D1. Hot Start Up (easy version)
time limit per test
1 second
memory limit per test
512 megabytes
input
standard input
output
standard output

This is an easy version of the problem. The constraints of $$$t$$$, $$$n$$$, $$$k$$$ are the only difference between versions.

You have a device with two CPUs. You also have $$$k$$$ programs, numbered $$$1$$$ through $$$k$$$, that you can run on the CPUs.

The $$$i$$$-th program ($$$1 \le i \le k$$$) takes $$$cold_i$$$ seconds to run on some CPU. However, if the last program we ran on this CPU was also program $$$i$$$, it only takes $$$hot_i$$$ seconds ($$$hot_i \le cold_i$$$). Note that this only applies if we run program $$$i$$$ multiple times consecutively  — if we run program $$$i$$$, then some different program, then program $$$i$$$ again, it will take $$$cold_i$$$ seconds the second time.

You are given a sequence $$$a_1, a_2, \ldots, a_n$$$ of length $$$n$$$, consisting of integers from $$$1$$$ to $$$k$$$. You need to use your device to run programs $$$a_1, a_2, \ldots, a_n$$$ in sequence.

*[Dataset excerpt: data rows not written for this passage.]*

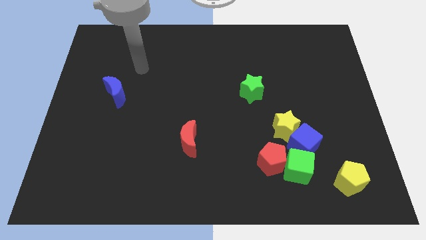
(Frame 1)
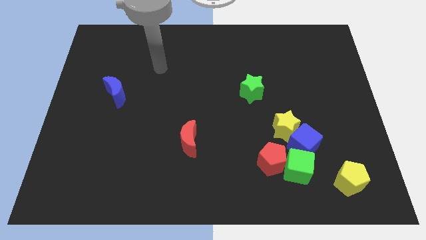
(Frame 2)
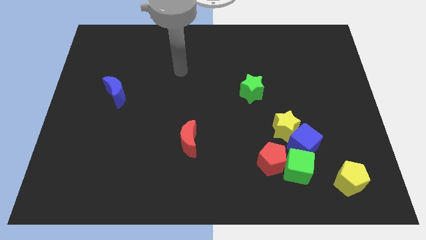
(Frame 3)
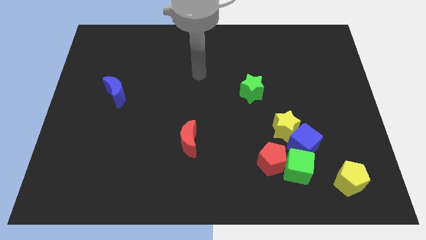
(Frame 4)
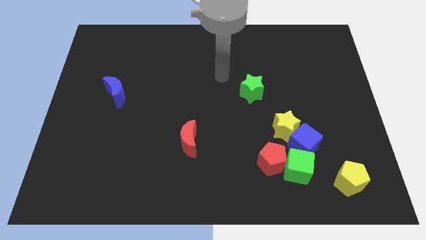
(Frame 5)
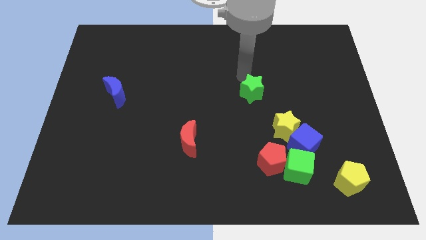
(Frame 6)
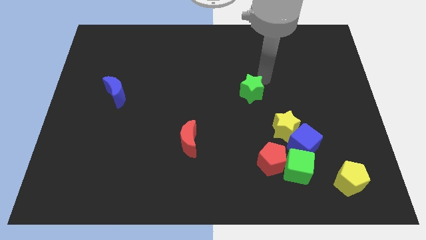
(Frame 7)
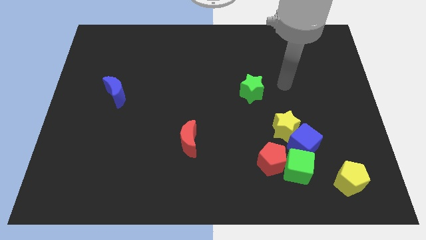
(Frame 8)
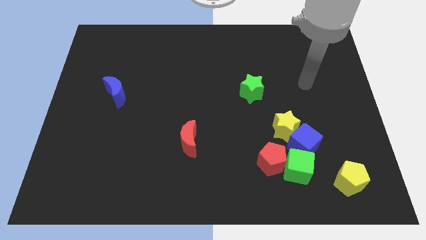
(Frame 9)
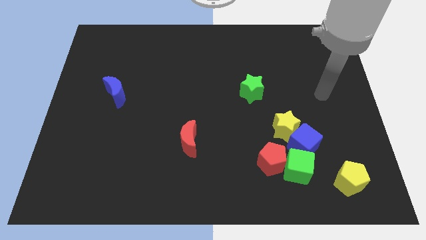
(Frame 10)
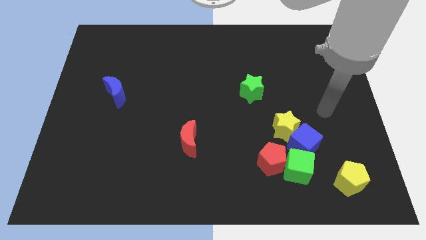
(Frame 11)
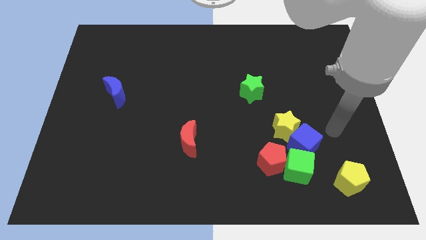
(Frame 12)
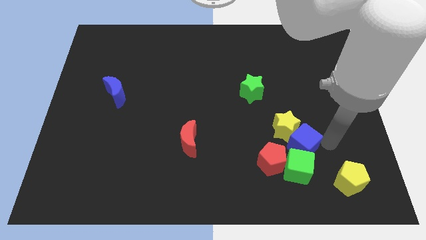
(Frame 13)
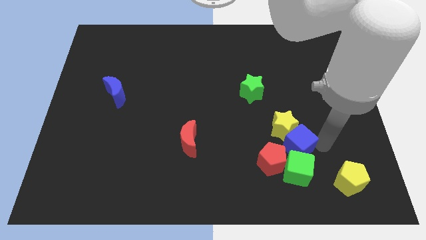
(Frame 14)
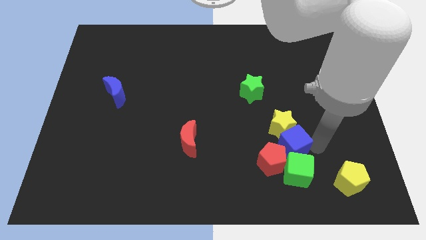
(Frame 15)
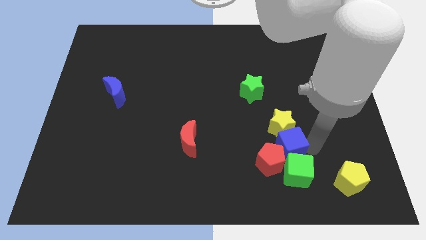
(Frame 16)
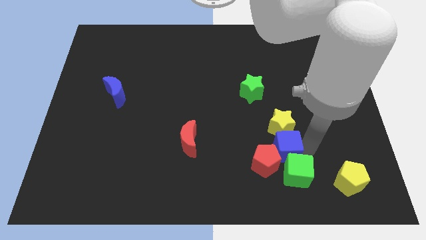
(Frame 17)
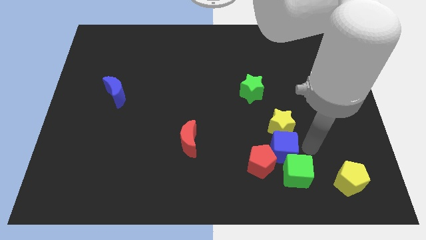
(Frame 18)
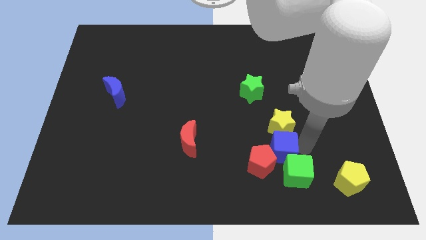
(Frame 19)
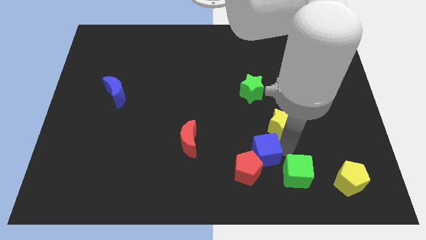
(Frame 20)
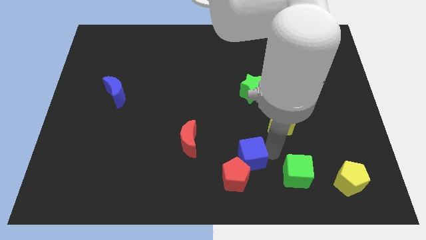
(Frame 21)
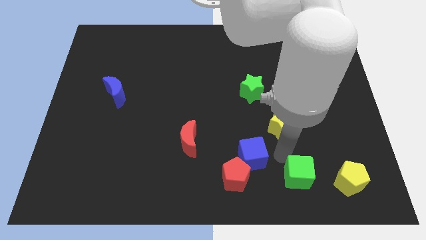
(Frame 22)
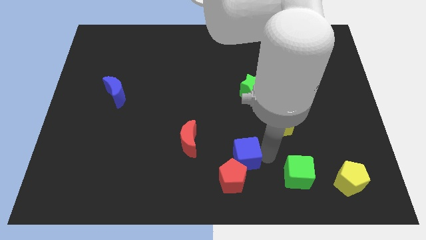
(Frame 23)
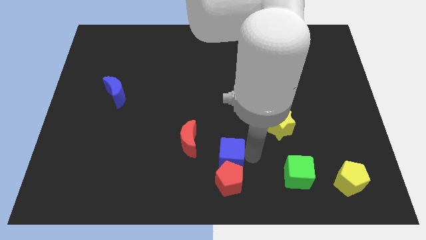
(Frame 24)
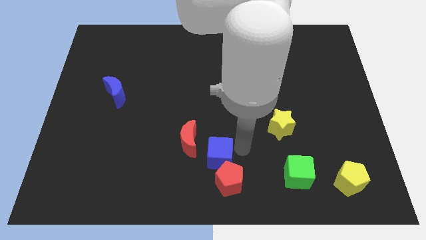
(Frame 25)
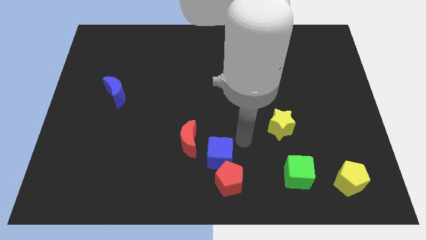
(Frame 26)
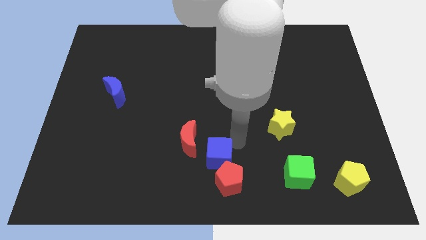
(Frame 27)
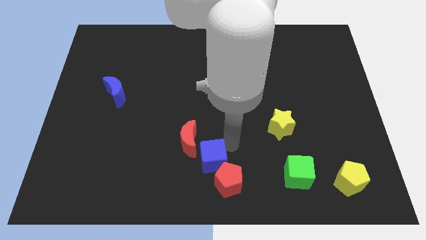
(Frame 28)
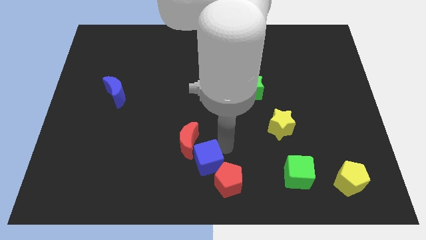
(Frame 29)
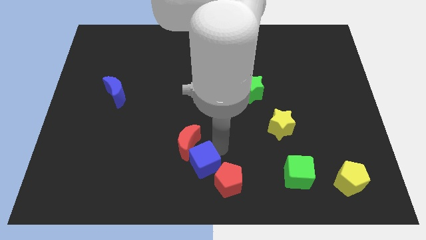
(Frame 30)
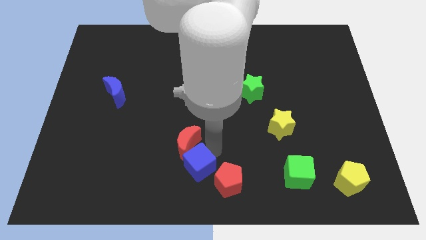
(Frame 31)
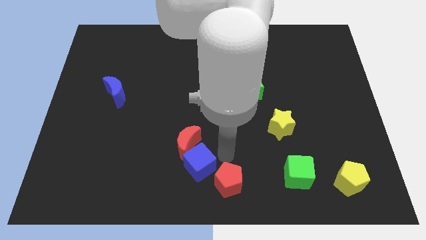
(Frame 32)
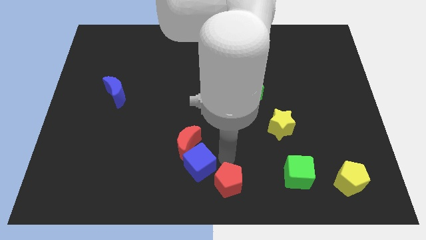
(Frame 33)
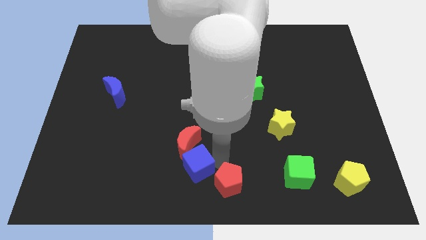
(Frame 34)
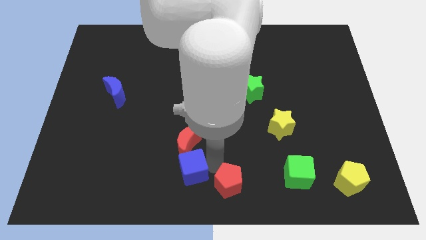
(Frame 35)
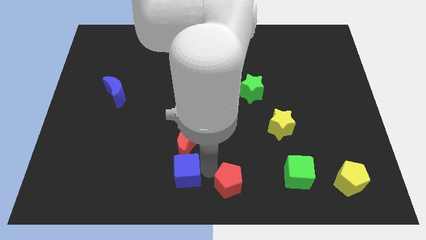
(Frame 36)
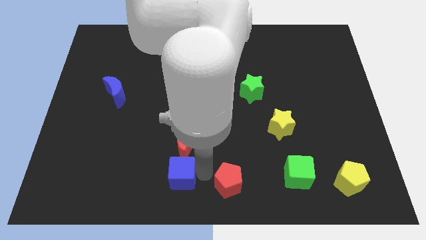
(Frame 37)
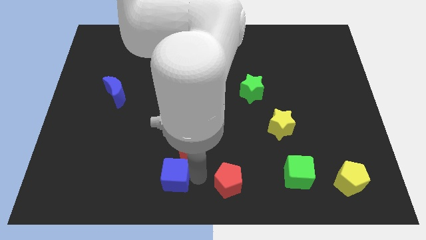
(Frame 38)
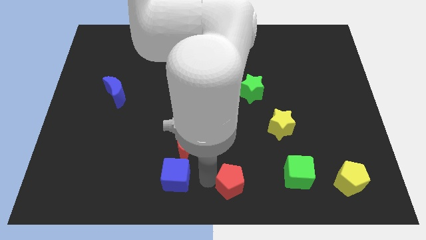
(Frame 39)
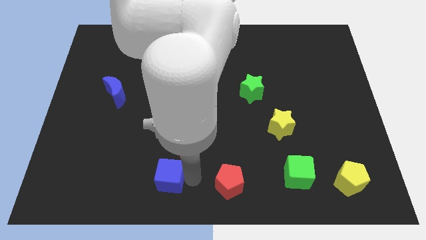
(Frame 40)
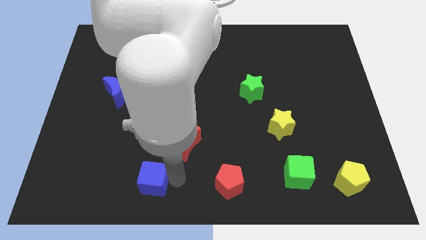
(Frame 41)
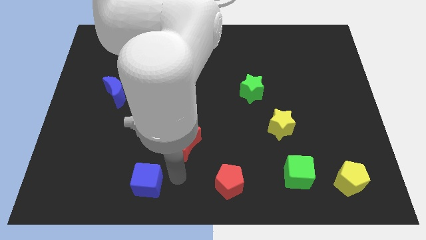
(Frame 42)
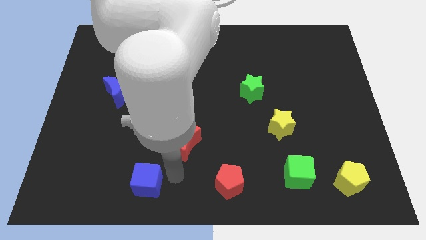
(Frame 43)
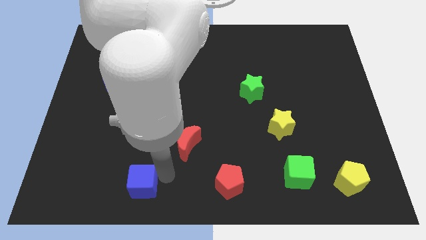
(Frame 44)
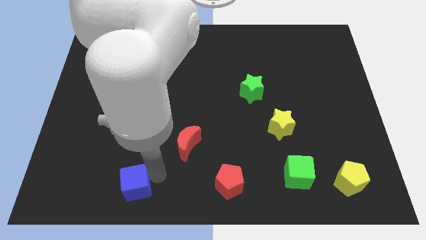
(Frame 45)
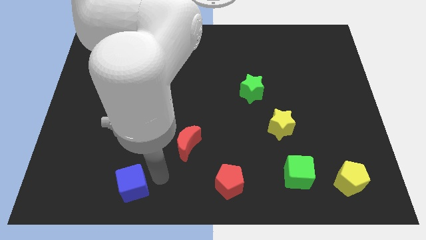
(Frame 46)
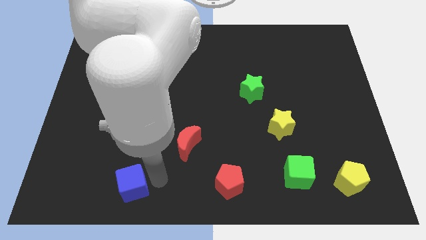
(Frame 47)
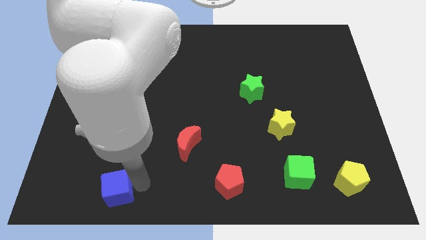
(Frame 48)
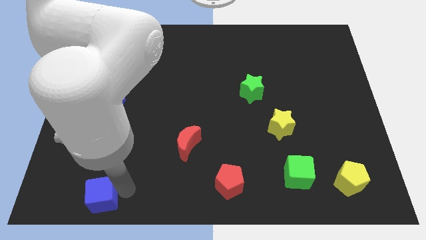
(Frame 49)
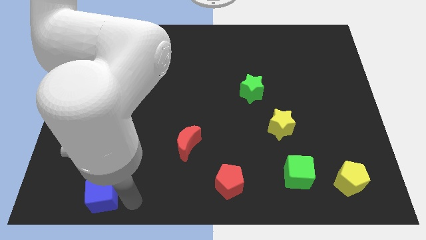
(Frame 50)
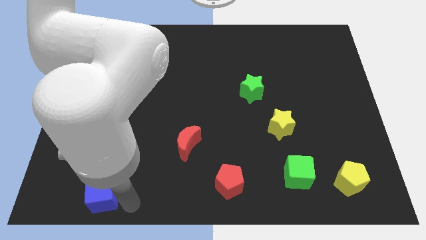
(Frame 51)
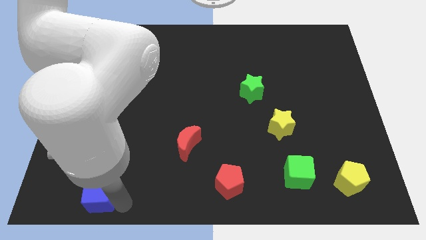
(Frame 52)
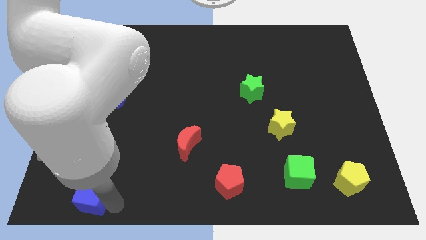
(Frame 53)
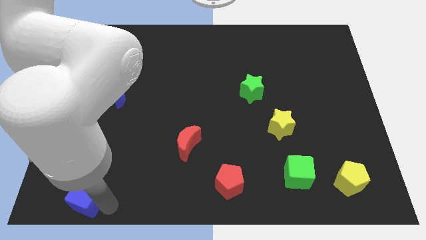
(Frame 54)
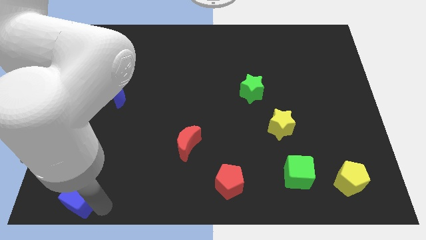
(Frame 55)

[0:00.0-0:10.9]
slide the blue cube to the bottom left

For all $$$2 \le i \le n$$$, you cannot start running program $$$a_i$$$ until program $$$a_{i - 1}$$$ has completed.

Find the minimum amount of time needed to run all programs $$$a_1, a_2, \ldots, a_n$$$ in sequence.

Input

Input consists of multiple test cases. The first line contains a single integer $$$t$$$, the number of test cases ($$$1 \le t \le 5000$$$).

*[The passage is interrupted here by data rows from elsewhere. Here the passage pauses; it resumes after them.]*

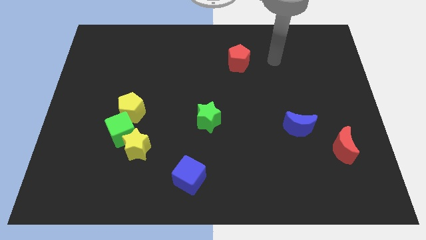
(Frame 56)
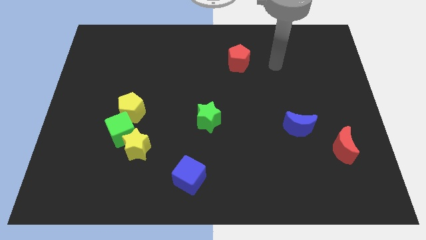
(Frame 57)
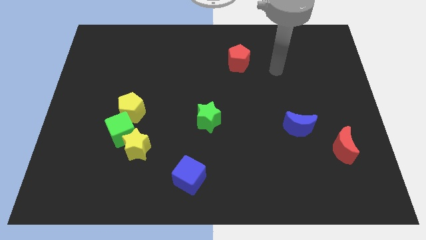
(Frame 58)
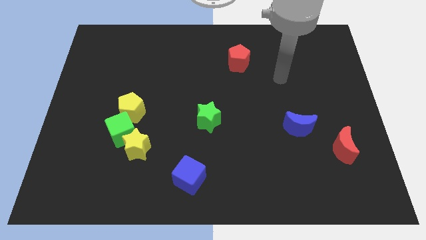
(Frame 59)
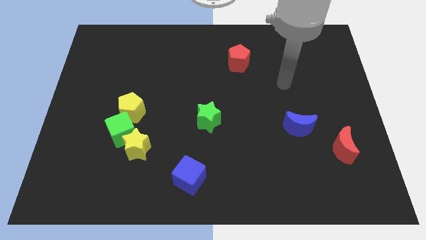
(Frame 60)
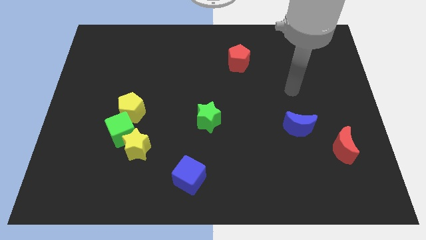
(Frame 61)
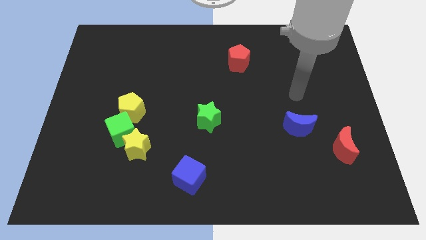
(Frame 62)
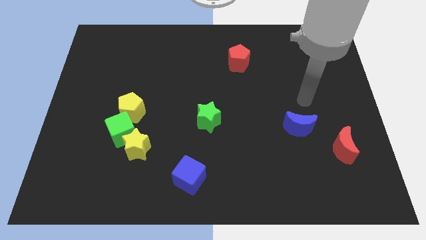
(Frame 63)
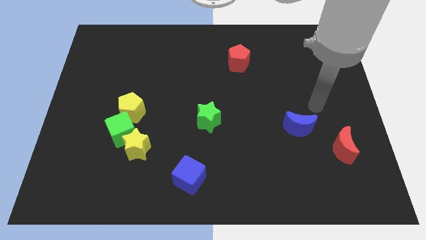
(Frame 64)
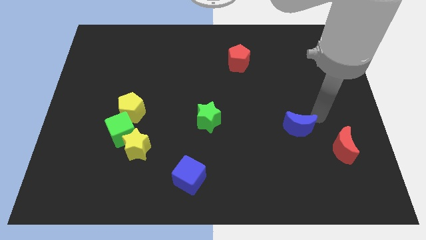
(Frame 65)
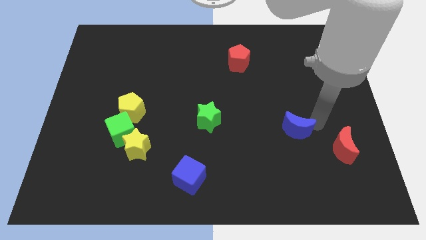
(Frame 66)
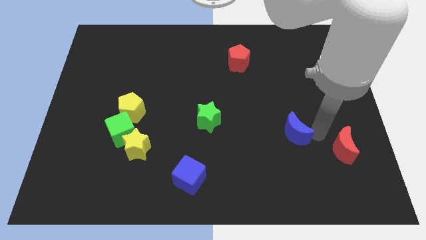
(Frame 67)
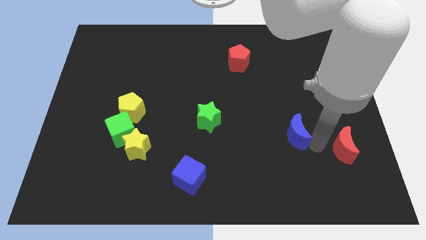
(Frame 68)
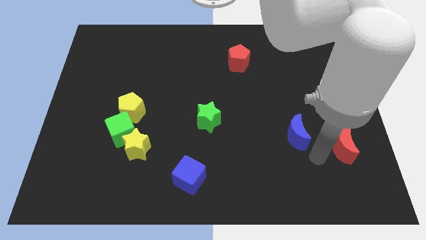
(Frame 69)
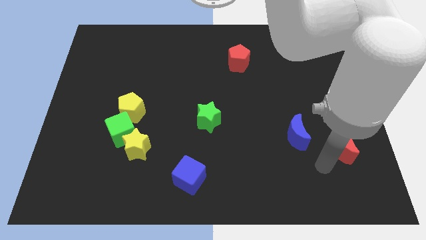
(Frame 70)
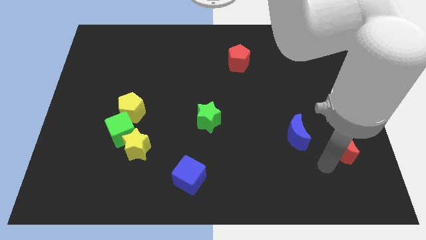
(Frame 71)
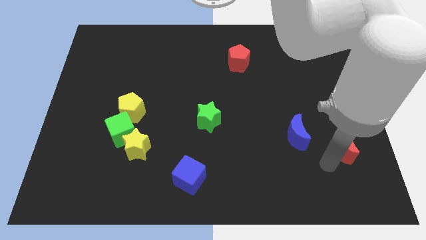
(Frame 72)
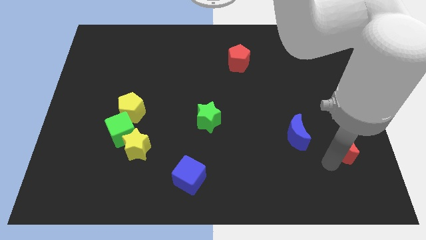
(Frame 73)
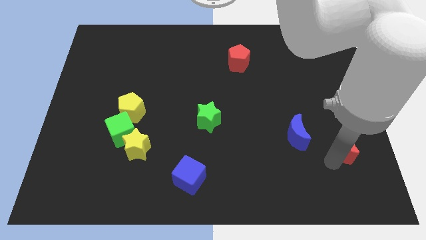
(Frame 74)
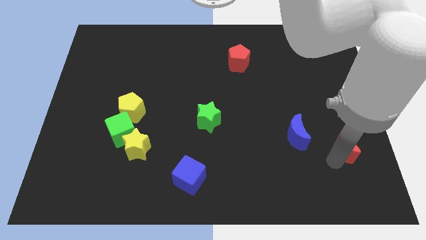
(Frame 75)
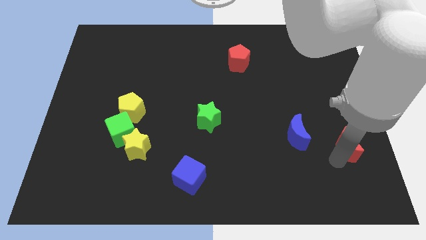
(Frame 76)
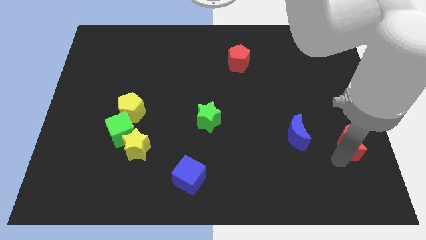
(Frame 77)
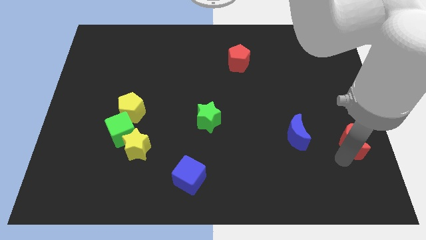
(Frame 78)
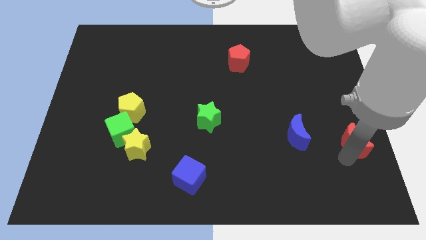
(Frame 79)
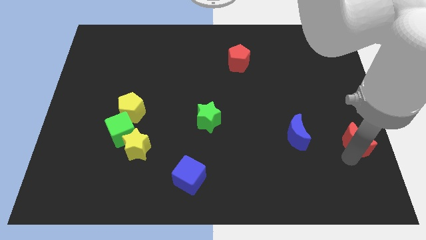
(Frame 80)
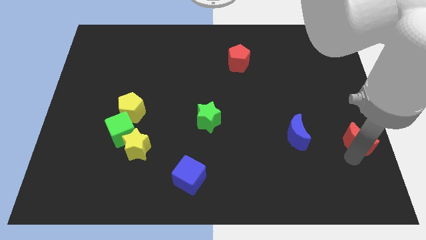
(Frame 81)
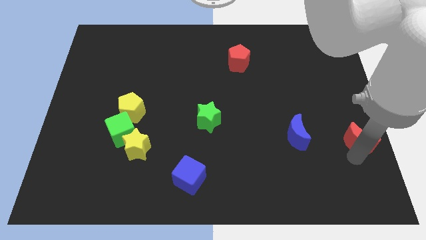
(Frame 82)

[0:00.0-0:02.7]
slide the red moon to the right side

The first line of each test case contains $$$n$$$ and $$$k$$$ ($$$1 \le n, k \le 5000$$$).

The second line of each test case contains $$$n$$$ integers $$$a_1, a_2, \ldots, a_n$$$ ($$$1 \le a_i \le k$$$).

The third line of each test case contains $$$k$$$ integers $$$cold_1, cold_2, \ldots, cold_k$$$ ($$$1 \le cold_i \le 10^9$$$).

The fourth line of each test case contains $$$k$$$ integers $$$hot_1, hot_2, \ldots, hot_k$$$ ($$$1 \le hot_i \le cold_i$$$).

It is guaranteed the sum of $$$n$$$ and the sum of $$$k$$$ over all test cases do not exceed $$$5000$$$.

Output

For each test case, print the minimum time needed to run all programs in the given order.

Example
Input
9
3 2
1 2 2
3 2
2 1
4 2
1 2 1 2
5 3
2 1
4 3
1 2 3 1
100 100 100
1 1 1
5 2
2 1 2 1 1
65 45
54 7
5 3
1 3 2 1 2
2 2 2
1 1 1
5 1
1 1 1 1 1
1000000000
999999999
5 6
1 6 1 4 1
3 6 4 1 4 5
1 1 1 1 4 1
1 3
3
4 5 6
1 2 3
8 3
3 3 3 1 2 3 2 1
10 10 8
10 10 5
Output
6
11
301
225
8
4999999996
11
6
63
Note

In the first test case, we can do the following:

  • Run program $$$a_1 = 1$$$ on CPU $$$1$$$. It takes $$$cold_1 = 3$$$ seconds to run.
  • Run program $$$a_2 = 2$$$ on CPU $$$2$$$. It takes $$$cold_2 = 2$$$ seconds to run.
  • Run program $$$a_3 = 2$$$ on CPU $$$2$$$. The last program run on this CPU was also program $$$2$$$, so it takes $$$hot_2 = 1$$$ second to run.

In total, we need $$$3 + 2 + 1 = 6$$$ seconds to run them all. We can show this is optimal.

In the second test case, we can use do the following:

  • Run program $$$a_1 = 1$$$ on CPU $$$1$$$. It takes $$$cold_1 = 5$$$ seconds to run.
  • Run program $$$a_2 = 2$$$ on CPU $$$2$$$. It takes $$$cold_2 = 3$$$ seconds to run.
  • Run program $$$a_3 = 1$$$ on CPU $$$1$$$. The last program run on this CPU was also program $$$1$$$, so it takes $$$hot_1 = 2$$$ seconds to run.
  • Run program $$$a_4 = 2$$$ on CPU $$$2$$$. The last program run on this CPU was also program $$$2$$$, so it takes $$$hot_2 = 1$$$ second to run.

In total, we need $$$5 + 3 + 2 + 1 = 11$$$ seconds. We can show this is optimal.